Segment Start: DATA

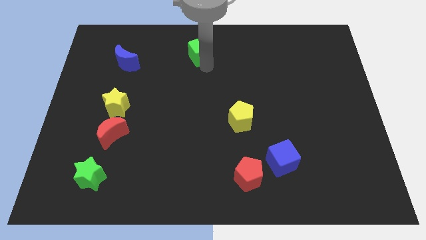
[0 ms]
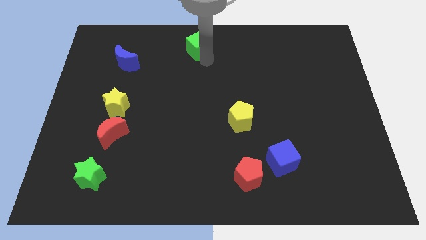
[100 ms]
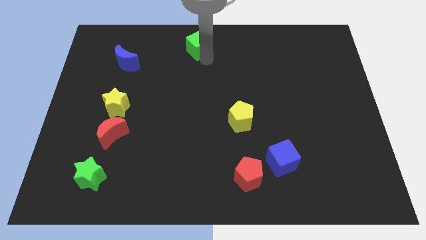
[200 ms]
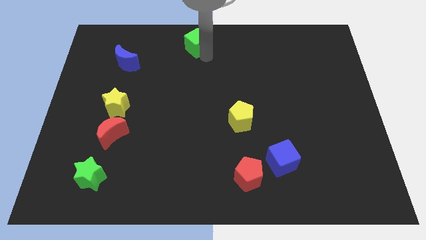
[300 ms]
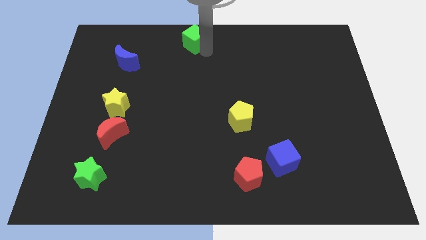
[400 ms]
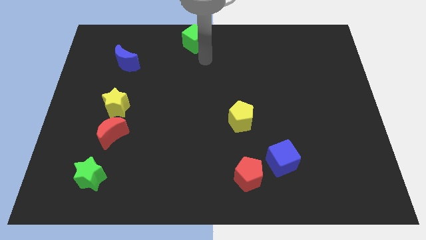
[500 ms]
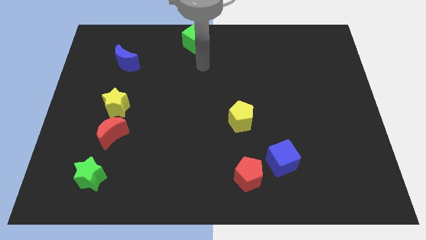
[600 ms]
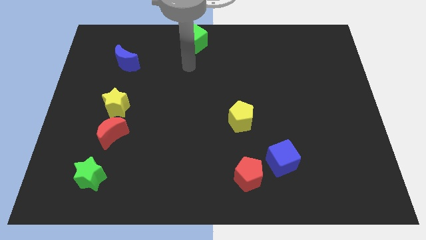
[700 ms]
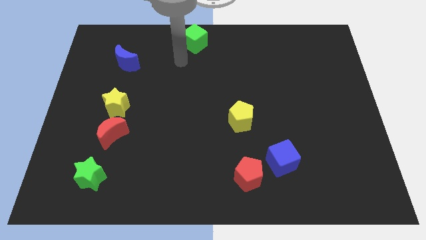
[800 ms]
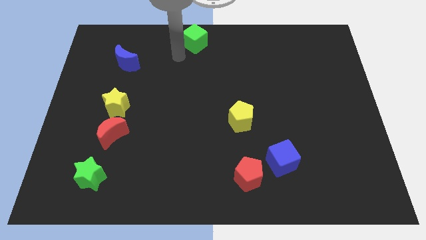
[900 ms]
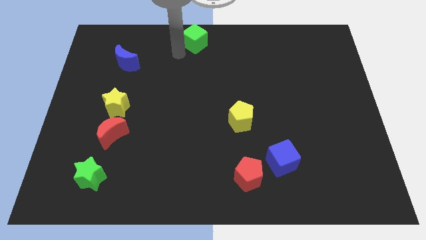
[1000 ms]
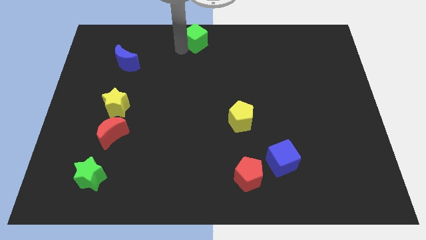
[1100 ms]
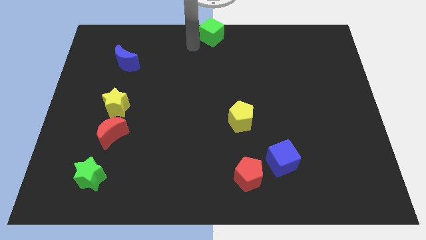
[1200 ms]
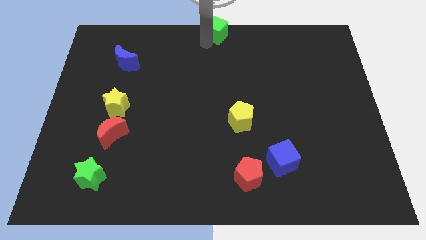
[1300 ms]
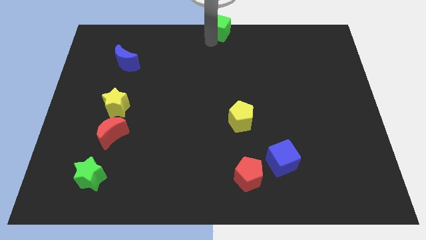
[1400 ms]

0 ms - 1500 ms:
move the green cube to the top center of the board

Segment End: DATA

## [EXERCISE DIRECTIONS]
Your reply should hold every line above exactly as written and none of the pictures.

## [COMPLETED EXERCISE]
[0 ms]
[100 ms]
[200 ms]
[300 ms]
[400 ms]
[500 ms]
[600 ms]
[700 ms]
[800 ms]
[900 ms]
[1000 ms]
[1100 ms]
[1200 ms]
[1300 ms]
[1400 ms]

0 ms - 1500 ms:
move the green cube to the top center of the board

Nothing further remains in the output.